Department of Clinical and Experimental Medicine, Neurological Clinic, University of Pisa, Pisa, Italy.
IRCCS Istituto delle Scienze Neurologiche di Bologna, Programma di Neurogenetica, Bologna, Italy.
J Neurol. 2022 Dec;269(12):6555-6565. doi: 10.1007/s00415-022-11324-3. Epub 2022 Aug 18.
To assess natural history and 12-month change of a series of scales and functional outcome measures in a cohort of 117 patients with primary mitochondrial myopathy (PMM).
Twelve months follow-up data of 117 patients with PMM were collected. We analysed the 6-min walk test (6MWT), timed up-and-go test (× 3) (3TUG), five-times sit-to-stand test (5XSST), timed water swallow test (TWST), and test of masticating and swallowing solids (TOMASS) as functional outcome measures; the Fatigue Severity Scale and West Haven-Yale Multidimensional pain inventory as patient-reported outcome measures. PMM patients were divided into three phenotypic categories: mitochondrial myopathy (MiMy) without extraocular muscles involvement, pure chronic progressive external ophthalmoplegia (PEO) and PEO&MiMy. As 6MWT is recognized to have significant test-retest variability, we calculated MCID (minimal clinically important difference) as one third of baseline 6 min walking distance (6MWD) standard deviation.
At 12-month follow-up, 3TUG, 5XSST and FSS were stable, while TWST and the perceived pain severity (WHYMPI) worsened. 6MWD significantly increased in the entire cohort, especially in the higher percentiles and in PEO patients, while was substantially stable in the lower percentile (< 408 m) and MiMy patients. This increase in 6MWD was considered not significant, as inferior to MCID (33.3 m). NMDAS total score showed a slight but significant decline at 12 months (0.9 point).
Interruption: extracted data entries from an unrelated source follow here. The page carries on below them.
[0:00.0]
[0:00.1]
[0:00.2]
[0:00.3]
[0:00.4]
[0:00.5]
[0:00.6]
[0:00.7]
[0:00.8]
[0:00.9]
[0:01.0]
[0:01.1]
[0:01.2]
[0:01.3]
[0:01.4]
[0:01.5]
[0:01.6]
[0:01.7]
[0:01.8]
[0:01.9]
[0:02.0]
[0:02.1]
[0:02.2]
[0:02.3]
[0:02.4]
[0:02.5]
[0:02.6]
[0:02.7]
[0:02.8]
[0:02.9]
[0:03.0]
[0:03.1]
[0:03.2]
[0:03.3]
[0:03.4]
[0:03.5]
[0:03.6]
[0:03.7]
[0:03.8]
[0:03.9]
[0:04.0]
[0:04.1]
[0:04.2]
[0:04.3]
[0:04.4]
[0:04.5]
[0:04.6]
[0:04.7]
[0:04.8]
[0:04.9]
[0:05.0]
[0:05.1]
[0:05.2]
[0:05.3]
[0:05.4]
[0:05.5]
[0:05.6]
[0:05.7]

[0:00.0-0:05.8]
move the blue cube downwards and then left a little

The perceived pain severity significantly worsened. Patients with PEO performed better in functional measures than patients with PEO&MiMy or MiMy, and had lower values of NMDAS.
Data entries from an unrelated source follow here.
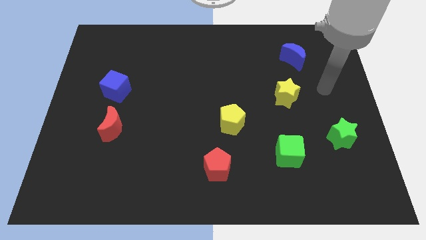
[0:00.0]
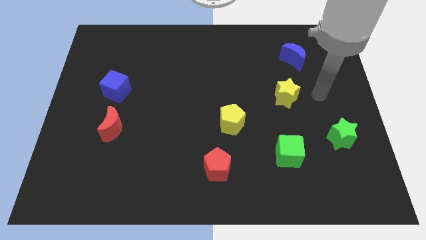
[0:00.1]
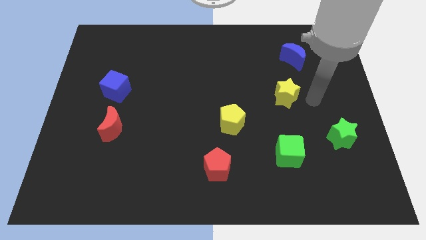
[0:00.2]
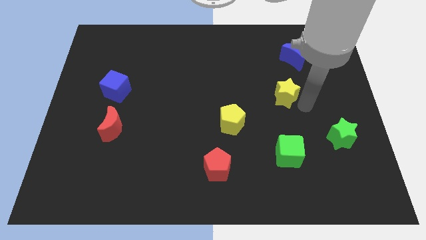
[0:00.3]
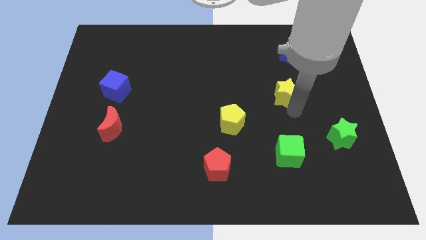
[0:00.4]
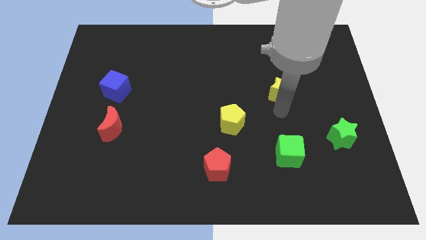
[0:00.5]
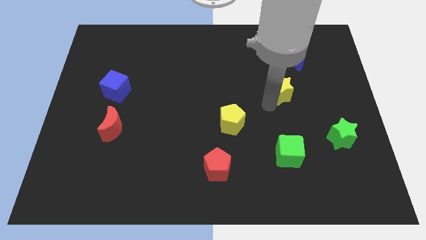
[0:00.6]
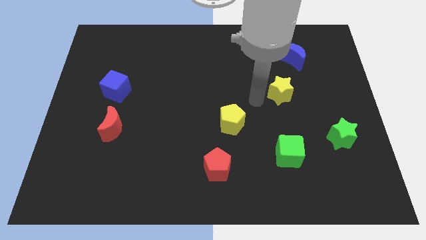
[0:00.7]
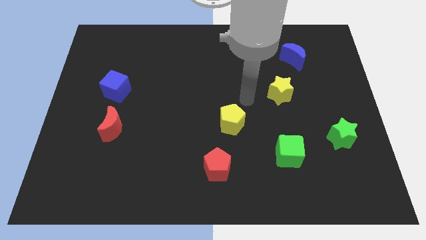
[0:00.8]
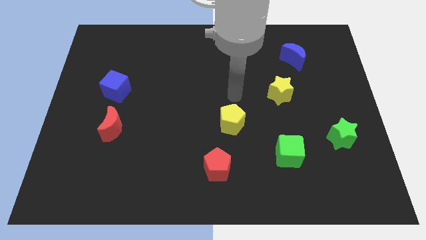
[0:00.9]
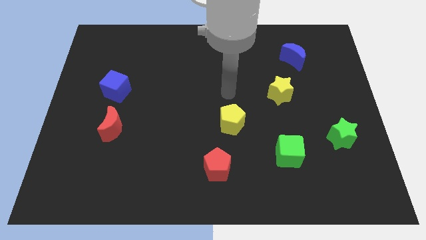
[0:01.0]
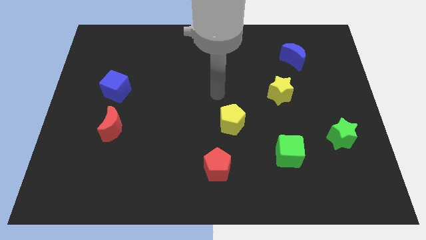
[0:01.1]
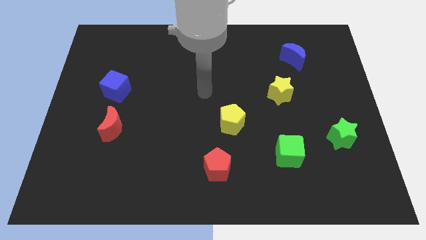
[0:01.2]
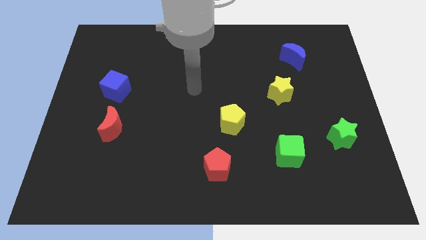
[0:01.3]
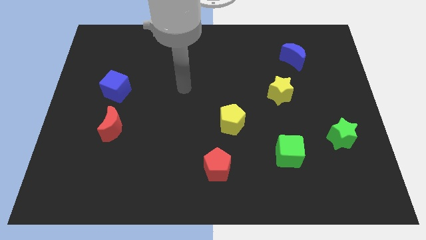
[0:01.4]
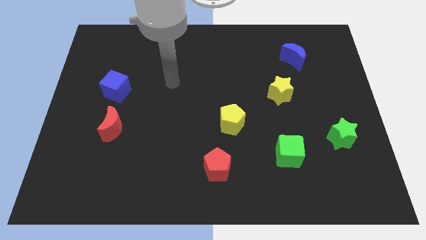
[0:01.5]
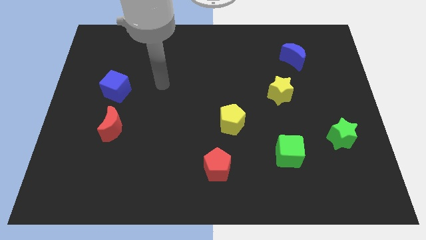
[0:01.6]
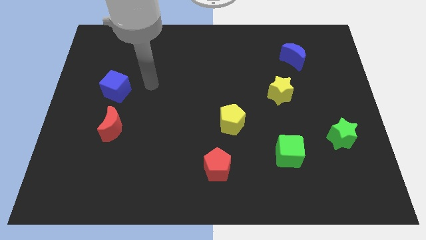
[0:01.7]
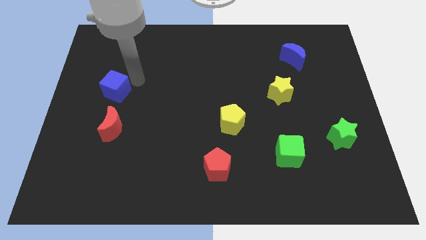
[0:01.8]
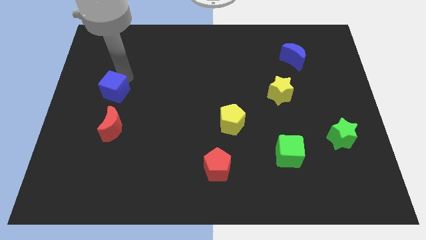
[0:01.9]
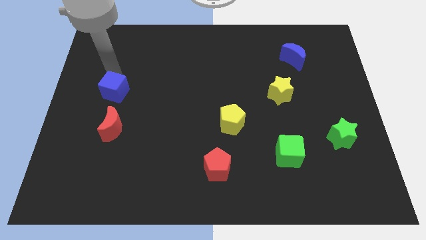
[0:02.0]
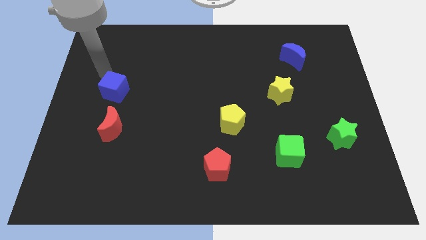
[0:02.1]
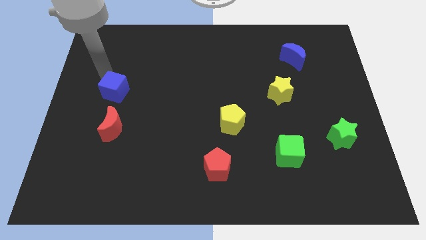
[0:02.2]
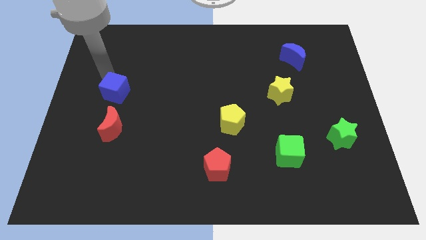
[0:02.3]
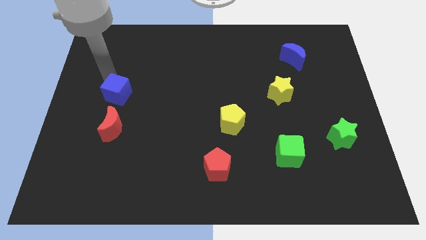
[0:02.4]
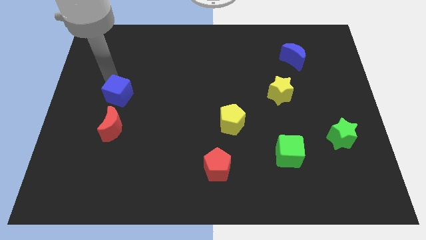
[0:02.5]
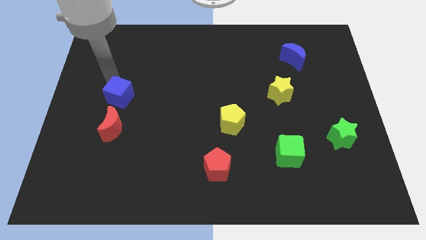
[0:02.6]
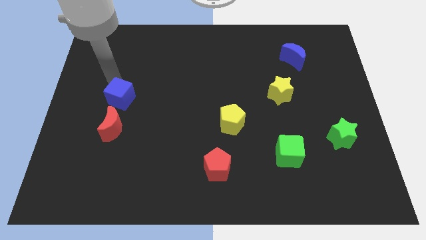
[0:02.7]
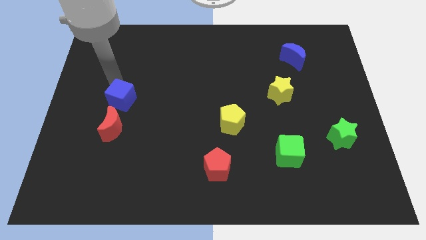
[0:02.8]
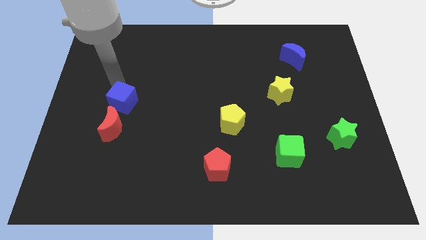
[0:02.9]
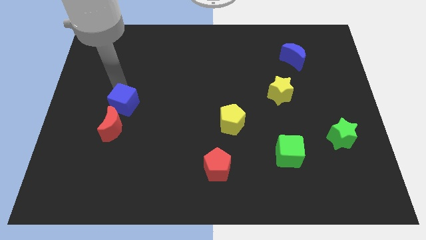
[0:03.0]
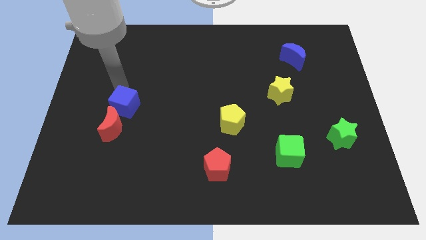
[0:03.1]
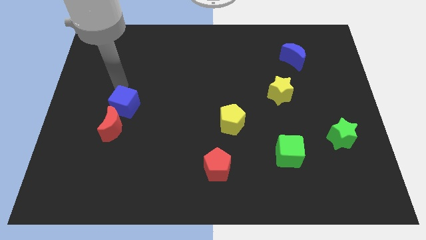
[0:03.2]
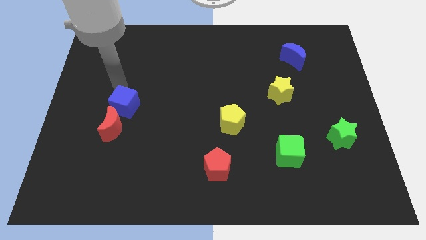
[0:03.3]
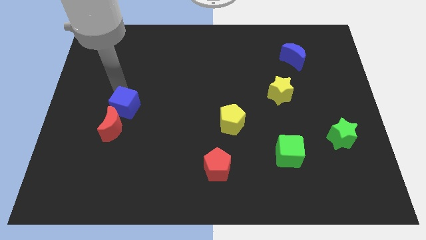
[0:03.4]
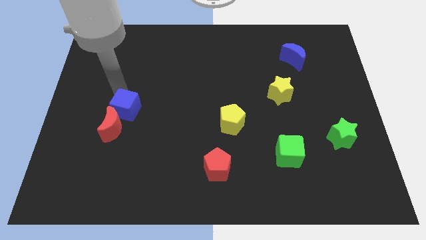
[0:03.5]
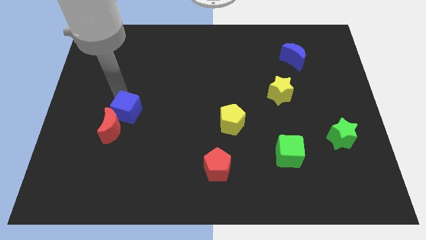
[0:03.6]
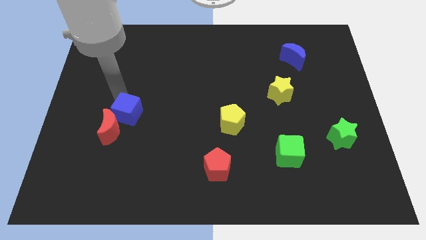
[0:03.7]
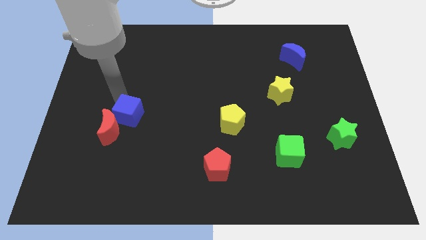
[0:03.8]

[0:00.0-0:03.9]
slightly push the blue cube downwards

PMM patients showed a slow global decline valued by NMDAS at 12 months; 6MWT was a more reliable measurement below 408 m, substantially stable at 12 months. PEO patients had better motor performance and lower NMDAS than PEO&MiMy and MiMy also at 12 months of follow-up.
评估原发性线粒体肌病(PMM)患者队列中一系列量表和功能结果测量的自然史和 12 个月变化。
收集 117 例 PMM 患者的 12 个月随访数据。我们分析了 6 分钟步行测试(6MWT)、3 次起立-行走测试(3TUG)、5 次坐-站测试(5XSST)、定时饮水吞咽测试(TWST)和咀嚼吞咽固体测试(TOMASS)作为功能结果测量;疲劳严重程度量表和惠顿-耶鲁多维疼痛量表作为患者报告的结果测量。PMM 患者分为三种表型类别:无眼外肌受累的线粒体肌病(MiMy)、单纯慢性进行性眼外肌麻痹(PEO)和 PEO&MiMy。由于 6MWT 具有显著的测试-重测变异性,我们计算了 MCID(最小临床重要差异)作为基线 6 分钟步行距离(6MWD)标准差的三分之一。
在 12 个月随访时,3TUG、5XSST 和 FSS 保持稳定,而 TWST 和感知疼痛严重程度(WHYMPI)恶化。整个队列的 6MWD 显著增加,尤其是在较高百分位数和 PEO 患者中,而在较低百分位数(<408m)和 MiMy 患者中则基本稳定。6MWD 的这种增加被认为不显著,低于 MCID(33.3m)。NMDAS 总分在 12 个月时略有但显著下降(0.9 分)。感知疼痛严重程度显著恶化。PEO 患者在功能测量中表现优于 PEO&MiMy 或 MiMy 患者,且 NMDAS 值较低。
PMM 患者在 12 个月时表现出 NMDAS 评估的缓慢全面下降;6MWT 在 408m 以下是一种更可靠的测量方法,在 12 个月时基本稳定。PEO 患者在 12 个月随访时的运动表现优于 PEO&MiMy 和 MiMy,且 NMDAS 较低。